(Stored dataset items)
Start of Block

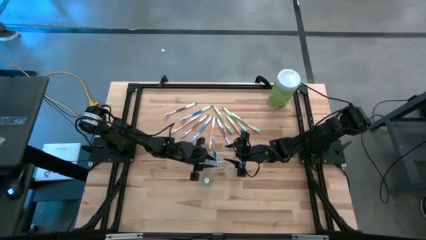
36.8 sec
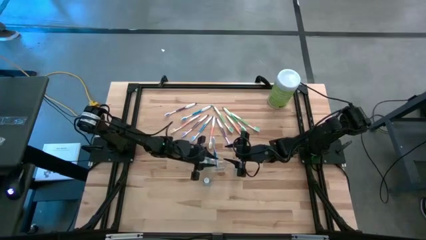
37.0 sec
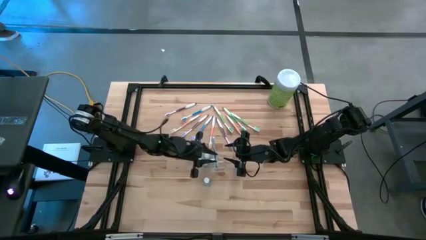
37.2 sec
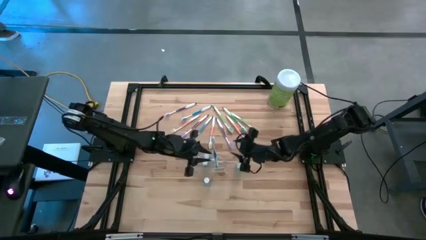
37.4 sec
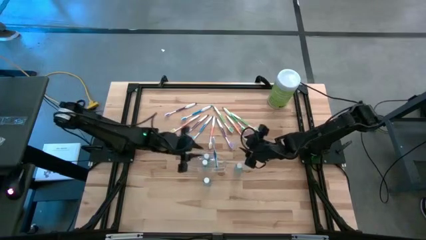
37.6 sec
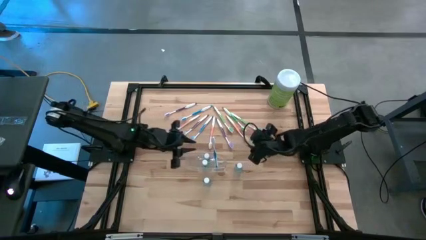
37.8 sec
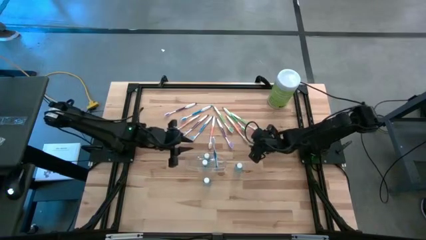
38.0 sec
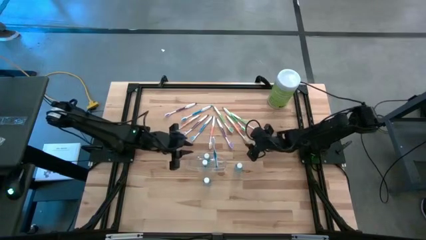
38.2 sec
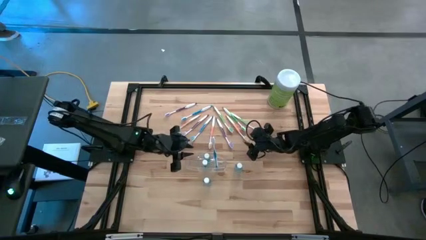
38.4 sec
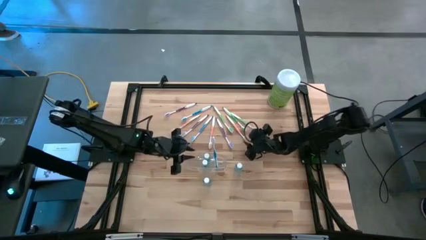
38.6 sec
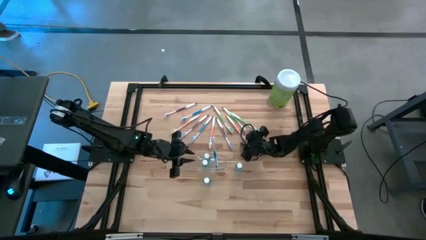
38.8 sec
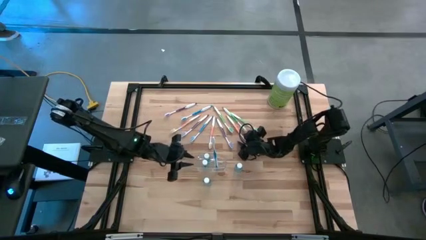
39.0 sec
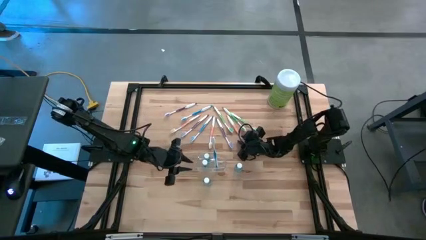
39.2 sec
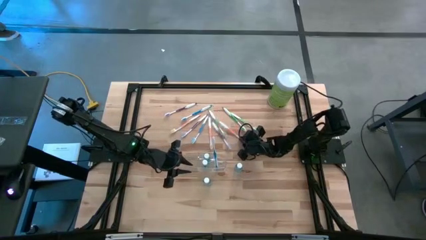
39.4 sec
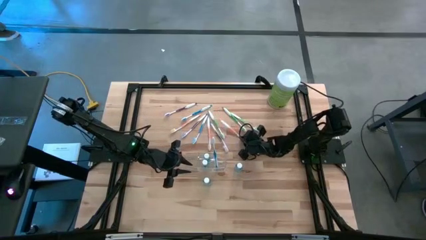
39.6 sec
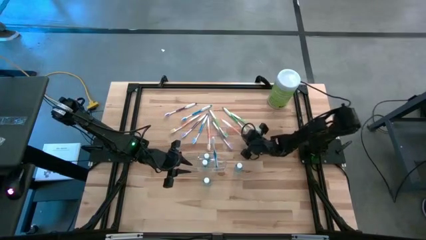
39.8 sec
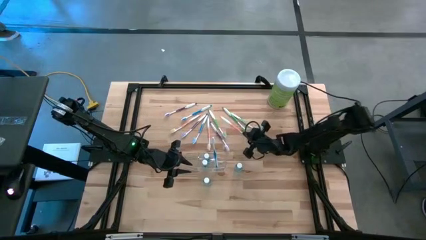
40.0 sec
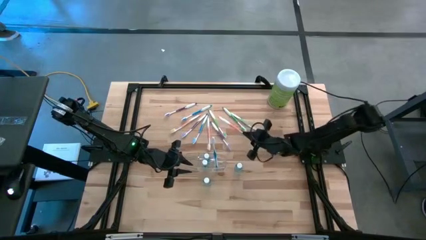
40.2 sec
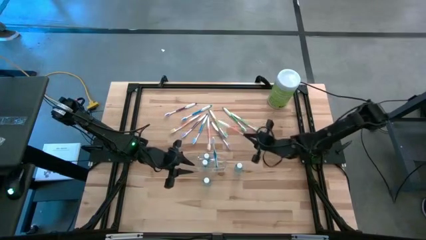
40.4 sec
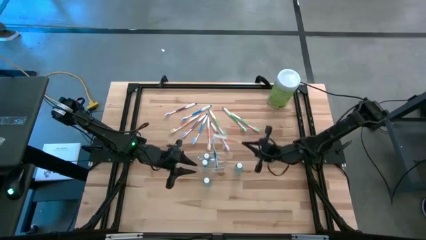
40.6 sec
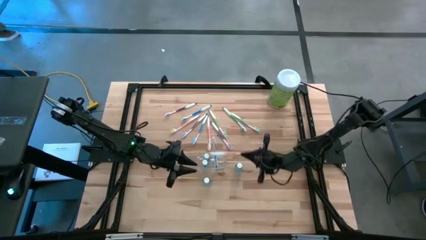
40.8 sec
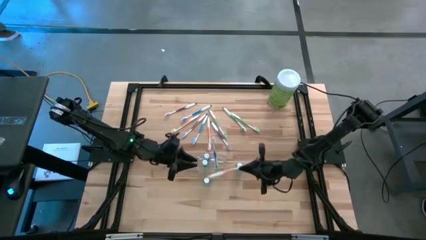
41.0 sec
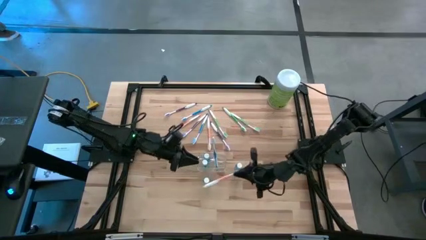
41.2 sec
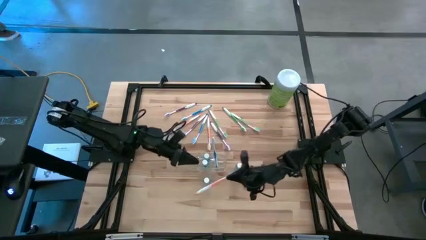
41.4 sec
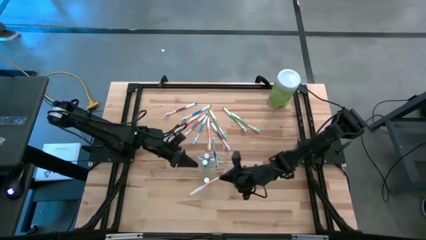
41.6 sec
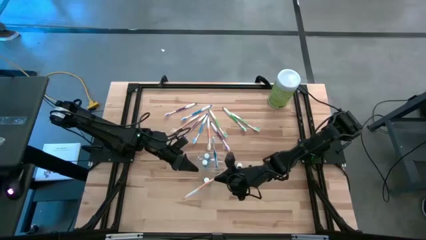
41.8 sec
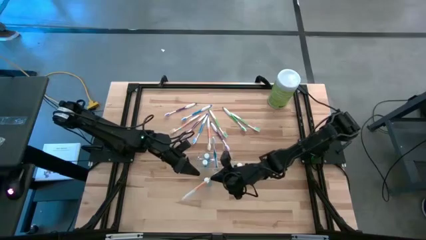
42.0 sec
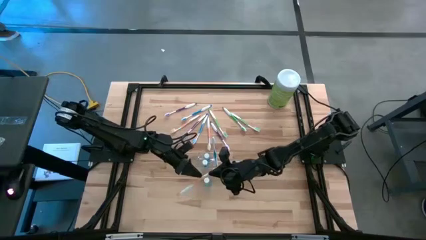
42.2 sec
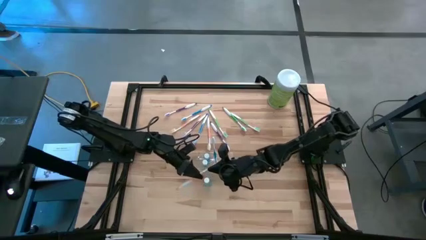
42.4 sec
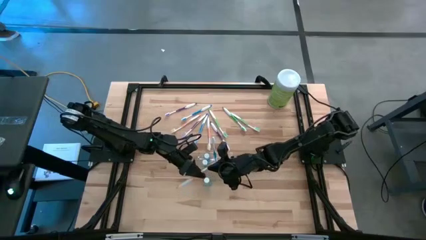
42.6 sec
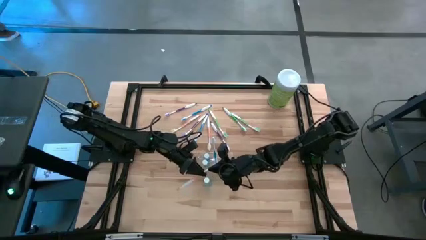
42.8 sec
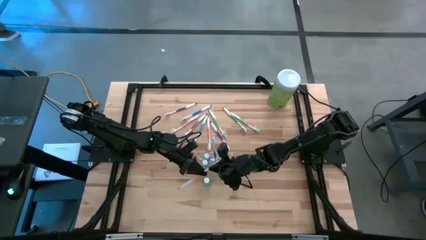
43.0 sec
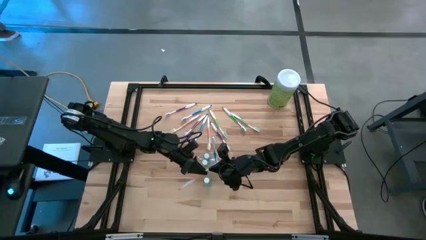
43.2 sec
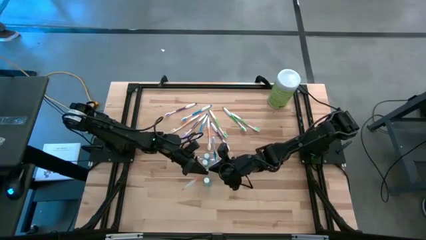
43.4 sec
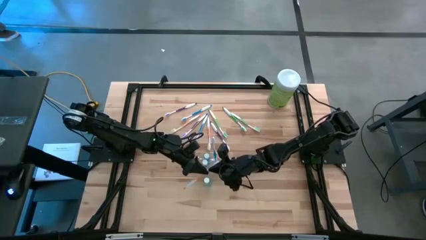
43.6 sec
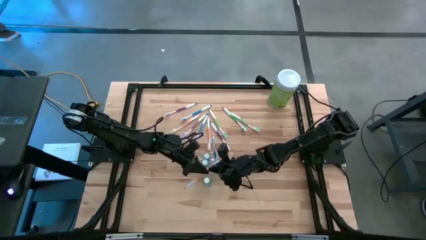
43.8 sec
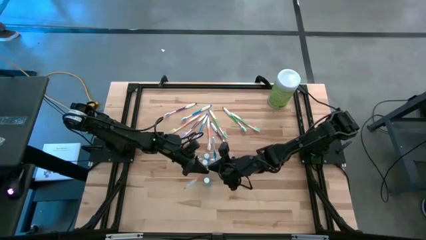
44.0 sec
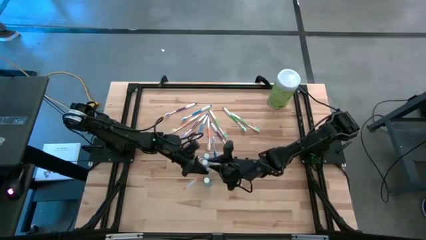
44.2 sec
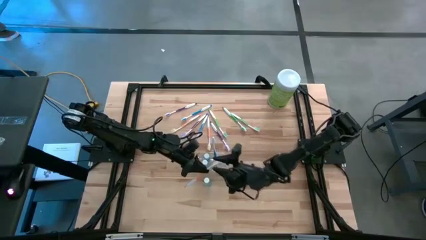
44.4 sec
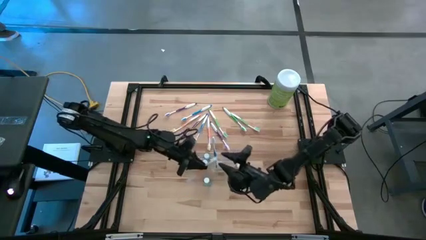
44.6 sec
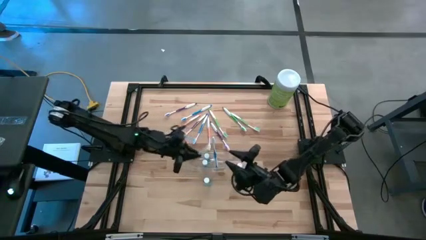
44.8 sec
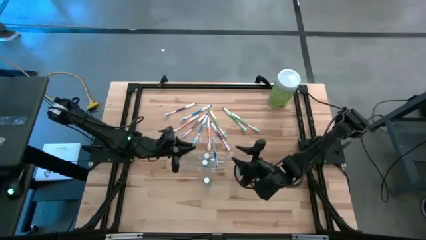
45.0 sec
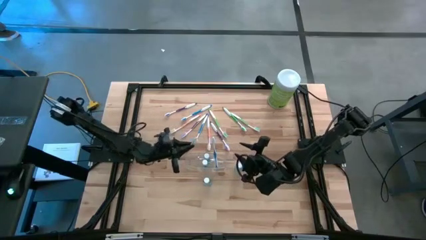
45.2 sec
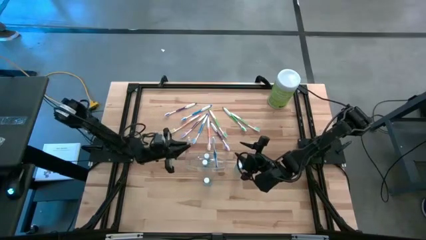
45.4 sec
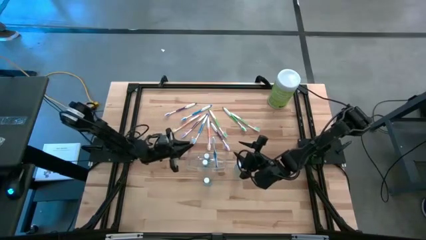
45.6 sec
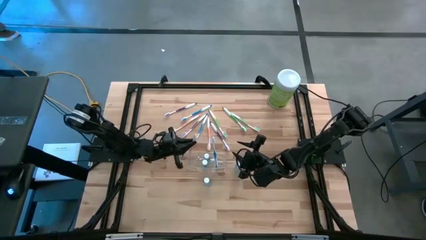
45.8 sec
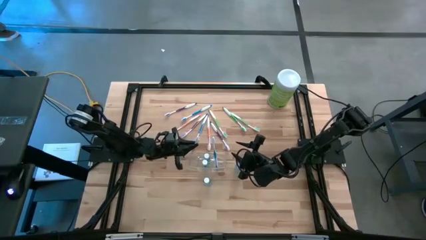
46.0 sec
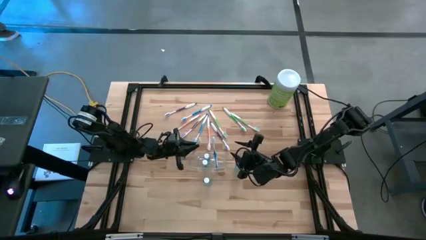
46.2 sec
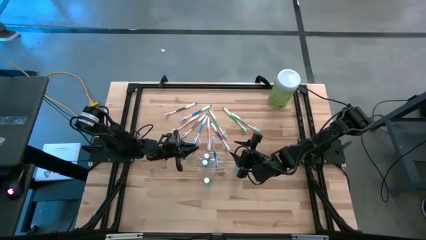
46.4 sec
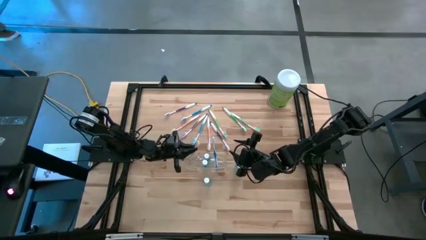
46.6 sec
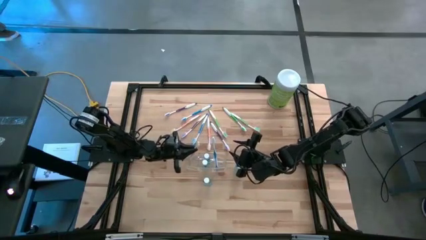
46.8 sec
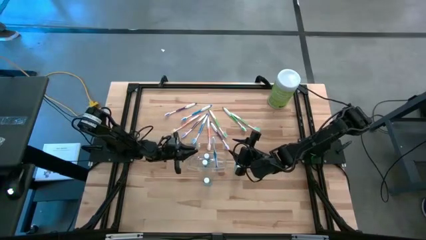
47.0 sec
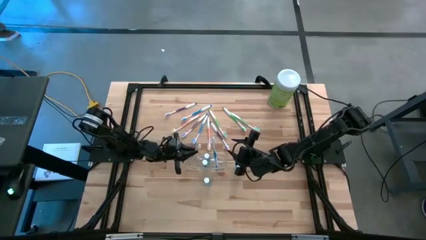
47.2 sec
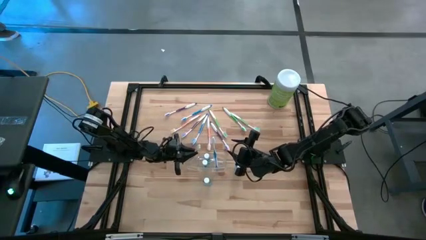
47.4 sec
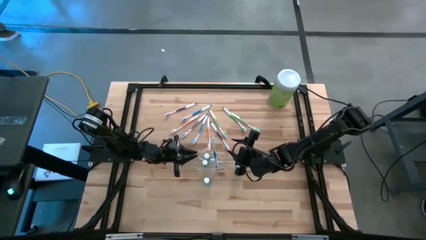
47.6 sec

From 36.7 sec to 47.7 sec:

End of Block

THE TASK: Take every record and copy it word for word, dropping the pictures.

RESULT FOR THIS EXERCISE:
36.8 sec
37.0 sec
37.2 sec
37.4 sec
37.6 sec
37.8 sec
38.0 sec
38.2 sec
38.4 sec
38.6 sec
38.8 sec
39.0 sec
39.2 sec
39.4 sec
39.6 sec
39.8 sec
40.0 sec
40.2 sec
40.4 sec
40.6 sec
40.8 sec
41.0 sec
41.2 sec
41.4 sec
41.6 sec
41.8 sec
42.0 sec
42.2 sec
42.4 sec
42.6 sec
42.8 sec
43.0 sec
43.2 sec
43.4 sec
43.6 sec
43.8 sec
44.0 sec
44.2 sec
44.4 sec
44.6 sec
44.8 sec
45.0 sec
45.2 sec
45.4 sec
45.6 sec
45.8 sec
46.0 sec
46.2 sec
46.4 sec
46.6 sec
46.8 sec
47.0 sec
47.2 sec
47.4 sec
47.6 sec

From 36.7 sec to 47.7 sec:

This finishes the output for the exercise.